Baleen whales used to have teeth. Paleontologists have known this for decades now, pulling one grinning mysticete after another from strata all over the world. But when did the ancestors of today's minkes and humpbacks make the switch from chomping their food to straining the seas? A new fossil whale found in the 30 million year old rock of South Carolina offers some new clues.
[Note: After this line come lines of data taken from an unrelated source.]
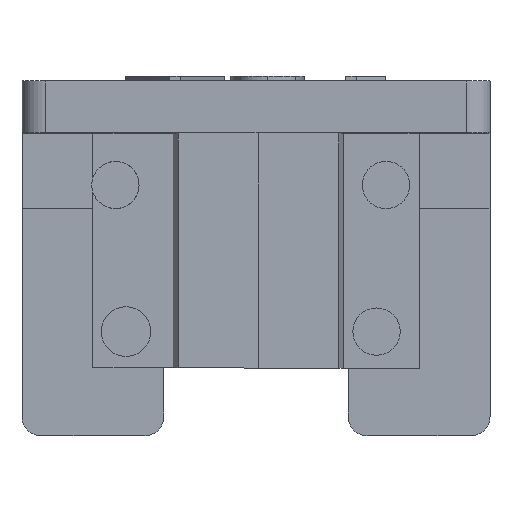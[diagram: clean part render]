
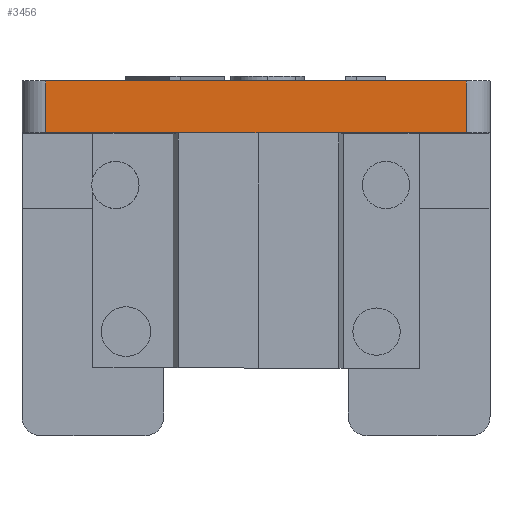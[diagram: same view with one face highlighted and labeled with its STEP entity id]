
A CAD part, top view. The second image highlights one B-rep face of the part: STEP entity #3456.
In plain terms, the highlighted planar face has unit normal (0, 0, 1).
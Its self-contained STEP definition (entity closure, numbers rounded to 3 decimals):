
#3456 = ADVANCED_FACE('',(#3457),#3471,.T.);
#3457 = FACE_BOUND('',#3458,.T.);
#3458 = EDGE_LOOP('',(#3459,#3494,#3522,#3550));
#3459 = ORIENTED_EDGE('',*,*,#3460,.F.);
#3460 = EDGE_CURVE('',#3461,#3463,#3465,.T.);
#3461 = VERTEX_POINT('',#3462);
#3462 = CARTESIAN_POINT('',(9.4,6.4,2.2));
#3463 = VERTEX_POINT('',#3464);
#3464 = CARTESIAN_POINT('',(0.5,6.4,2.2));
#3465 = SURFACE_CURVE('',#3466,(#3470,#3482),.PCURVE_S1.);
#3466 = LINE('',#3467,#3468);
#3467 = CARTESIAN_POINT('',(9.9,6.4,2.2));
#3468 = VECTOR('',#3469,1.);
#3469 = DIRECTION('',(-1.,0.,0.));
#3470 = PCURVE('',#3471,#3476);
#3471 = PLANE('',#3472);
#3472 = AXIS2_PLACEMENT_3D('',#3473,#3474,#3475);
#3473 = CARTESIAN_POINT('',(9.9,6.4,2.2));
#3474 = DIRECTION('',(0.,0.,1.));
#3475 = DIRECTION('',(-1.,0.,0.));
#3476 = DEFINITIONAL_REPRESENTATION('',(#3477),#3481);
#3477 = LINE('',#3478,#3479);
#3478 = CARTESIAN_POINT('',(-0.,0.));
#3479 = VECTOR('',#3480,1.);
#3480 = DIRECTION('',(1.,0.));
#3481 = ( GEOMETRIC_REPRESENTATION_CONTEXT(2) 
PARAMETRIC_REPRESENTATION_CONTEXT() REPRESENTATION_CONTEXT('2D SPACE',''
  ) );
#3482 = PCURVE('',#3483,#3488);
#3483 = PLANE('',#3484);
#3484 = AXIS2_PLACEMENT_3D('',#3485,#3486,#3487);
#3485 = CARTESIAN_POINT('',(4.95,6.4,0.4));
#3486 = DIRECTION('',(0.,1.,0.));
#3487 = DIRECTION('',(0.,0.,1.));
#3488 = DEFINITIONAL_REPRESENTATION('',(#3489),#3493);
#3489 = LINE('',#3490,#3491);
#3490 = CARTESIAN_POINT('',(1.8,4.95));
#3491 = VECTOR('',#3492,1.);
#3492 = DIRECTION('',(0.,-1.));
#3493 = ( GEOMETRIC_REPRESENTATION_CONTEXT(2) 
PARAMETRIC_REPRESENTATION_CONTEXT() REPRESENTATION_CONTEXT('2D SPACE',''
  ) );
#3494 = ORIENTED_EDGE('',*,*,#3495,.T.);
#3495 = EDGE_CURVE('',#3461,#3496,#3498,.T.);
#3496 = VERTEX_POINT('',#3497);
#3497 = CARTESIAN_POINT('',(9.4,7.5,2.2));
#3498 = SURFACE_CURVE('',#3499,(#3503,#3510),.PCURVE_S1.);
#3499 = LINE('',#3500,#3501);
#3500 = CARTESIAN_POINT('',(9.4,6.4,2.2));
#3501 = VECTOR('',#3502,1.);
#3502 = DIRECTION('',(0.,1.,0.));
#3503 = PCURVE('',#3471,#3504);
#3504 = DEFINITIONAL_REPRESENTATION('',(#3505),#3509);
#3505 = LINE('',#3506,#3507);
#3506 = CARTESIAN_POINT('',(0.5,0.));
#3507 = VECTOR('',#3508,1.);
#3508 = DIRECTION('',(0.,-1.));
#3509 = ( GEOMETRIC_REPRESENTATION_CONTEXT(2) 
PARAMETRIC_REPRESENTATION_CONTEXT() REPRESENTATION_CONTEXT('2D SPACE',''
  ) );
#3510 = PCURVE('',#3511,#3516);
#3511 = CYLINDRICAL_SURFACE('',#3512,0.5);
#3512 = AXIS2_PLACEMENT_3D('',#3513,#3514,#3515);
#3513 = CARTESIAN_POINT('',(9.4,6.4,1.7));
#3514 = DIRECTION('',(0.,1.,0.));
#3515 = DIRECTION('',(0.,0.,1.));
#3516 = DEFINITIONAL_REPRESENTATION('',(#3517),#3521);
#3517 = LINE('',#3518,#3519);
#3518 = CARTESIAN_POINT('',(0.,0.));
#3519 = VECTOR('',#3520,1.);
#3520 = DIRECTION('',(0.,1.));
#3521 = ( GEOMETRIC_REPRESENTATION_CONTEXT(2) 
PARAMETRIC_REPRESENTATION_CONTEXT() REPRESENTATION_CONTEXT('2D SPACE',''
  ) );
#3522 = ORIENTED_EDGE('',*,*,#3523,.T.);
#3523 = EDGE_CURVE('',#3496,#3524,#3526,.T.);
#3524 = VERTEX_POINT('',#3525);
#3525 = CARTESIAN_POINT('',(0.5,7.5,2.2));
#3526 = SURFACE_CURVE('',#3527,(#3531,#3538),.PCURVE_S1.);
#3527 = LINE('',#3528,#3529);
#3528 = CARTESIAN_POINT('',(9.9,7.5,2.2));
#3529 = VECTOR('',#3530,1.);
#3530 = DIRECTION('',(-1.,0.,0.));
#3531 = PCURVE('',#3471,#3532);
#3532 = DEFINITIONAL_REPRESENTATION('',(#3533),#3537);
#3533 = LINE('',#3534,#3535);
#3534 = CARTESIAN_POINT('',(0.,-1.1));
#3535 = VECTOR('',#3536,1.);
#3536 = DIRECTION('',(1.,0.));
#3537 = ( GEOMETRIC_REPRESENTATION_CONTEXT(2) 
PARAMETRIC_REPRESENTATION_CONTEXT() REPRESENTATION_CONTEXT('2D SPACE',''
  ) );
#3538 = PCURVE('',#3539,#3544);
#3539 = PLANE('',#3540);
#3540 = AXIS2_PLACEMENT_3D('',#3541,#3542,#3543);
#3541 = CARTESIAN_POINT('',(4.95,7.5,0.4));
#3542 = DIRECTION('',(0.,1.,0.));
#3543 = DIRECTION('',(0.,0.,1.));
#3544 = DEFINITIONAL_REPRESENTATION('',(#3545),#3549);
#3545 = LINE('',#3546,#3547);
#3546 = CARTESIAN_POINT('',(1.8,4.95));
#3547 = VECTOR('',#3548,1.);
#3548 = DIRECTION('',(0.,-1.));
#3549 = ( GEOMETRIC_REPRESENTATION_CONTEXT(2) 
PARAMETRIC_REPRESENTATION_CONTEXT() REPRESENTATION_CONTEXT('2D SPACE',''
  ) );
#3550 = ORIENTED_EDGE('',*,*,#3551,.F.);
#3551 = EDGE_CURVE('',#3463,#3524,#3552,.T.);
#3552 = SURFACE_CURVE('',#3553,(#3557,#3564),.PCURVE_S1.);
#3553 = LINE('',#3554,#3555);
#3554 = CARTESIAN_POINT('',(0.5,6.4,2.2));
#3555 = VECTOR('',#3556,1.);
#3556 = DIRECTION('',(0.,1.,0.));
#3557 = PCURVE('',#3471,#3558);
#3558 = DEFINITIONAL_REPRESENTATION('',(#3559),#3563);
#3559 = LINE('',#3560,#3561);
#3560 = CARTESIAN_POINT('',(9.4,0.));
#3561 = VECTOR('',#3562,1.);
#3562 = DIRECTION('',(0.,-1.));
#3563 = ( GEOMETRIC_REPRESENTATION_CONTEXT(2) 
PARAMETRIC_REPRESENTATION_CONTEXT() REPRESENTATION_CONTEXT('2D SPACE',''
  ) );
#3564 = PCURVE('',#3565,#3570);
#3565 = CYLINDRICAL_SURFACE('',#3566,0.5);
#3566 = AXIS2_PLACEMENT_3D('',#3567,#3568,#3569);
#3567 = CARTESIAN_POINT('',(0.5,6.4,1.7));
#3568 = DIRECTION('',(0.,1.,0.));
#3569 = DIRECTION('',(0.,0.,1.));
#3570 = DEFINITIONAL_REPRESENTATION('',(#3571),#3575);
#3571 = LINE('',#3572,#3573);
#3572 = CARTESIAN_POINT('',(-0.,0.));
#3573 = VECTOR('',#3574,1.);
#3574 = DIRECTION('',(-0.,1.));
#3575 = ( GEOMETRIC_REPRESENTATION_CONTEXT(2) 
PARAMETRIC_REPRESENTATION_CONTEXT() REPRESENTATION_CONTEXT('2D SPACE',''
  ) );

Up to now, there have been two competing hypotheses for how filter feeding evolved among the mysticete whales. One line of argument suggested that ancestral baleen whales were suction feeders and that this led to the loss of teeth and the subsequent evolution of baleen. The other was that whales started filter feeding before they lost their teeth, perhaps even using their dentition and baleen in tandem before the switch. The new evidence from Coronodon havensteini, described by paleontologist Jonathan Geisler and colleagues, supports the second hypothesis.

Even though Coronodon is only known from a skull, that fossil reveals a mammal that mixed the features of earlier, more predaceous whales and the baleen whales that would follow. Most important of all are its teeth. The whale's front teeth were suited to nabbing slippery prey, much like those of its ancestors, but Gesiler and coauthors found that the molars of Coronodon formed slots that could have strained small morsels out of the water. This was filter feeding before baleen.

Whale
The skull and teeth of Coronodon (with the early whale Zygorhiza included for comparison at C). Credit: Geisler et al 2017

Fossil Facts

Name: Coronodon havensteini

Meaning: Coronodon means "crown tooth", while havensteini honors the fossil's discoverer Mark Havenstein.

Age: Oligocene, about 30 million years old.

Where in the world?: Berkeley County, South Carolina.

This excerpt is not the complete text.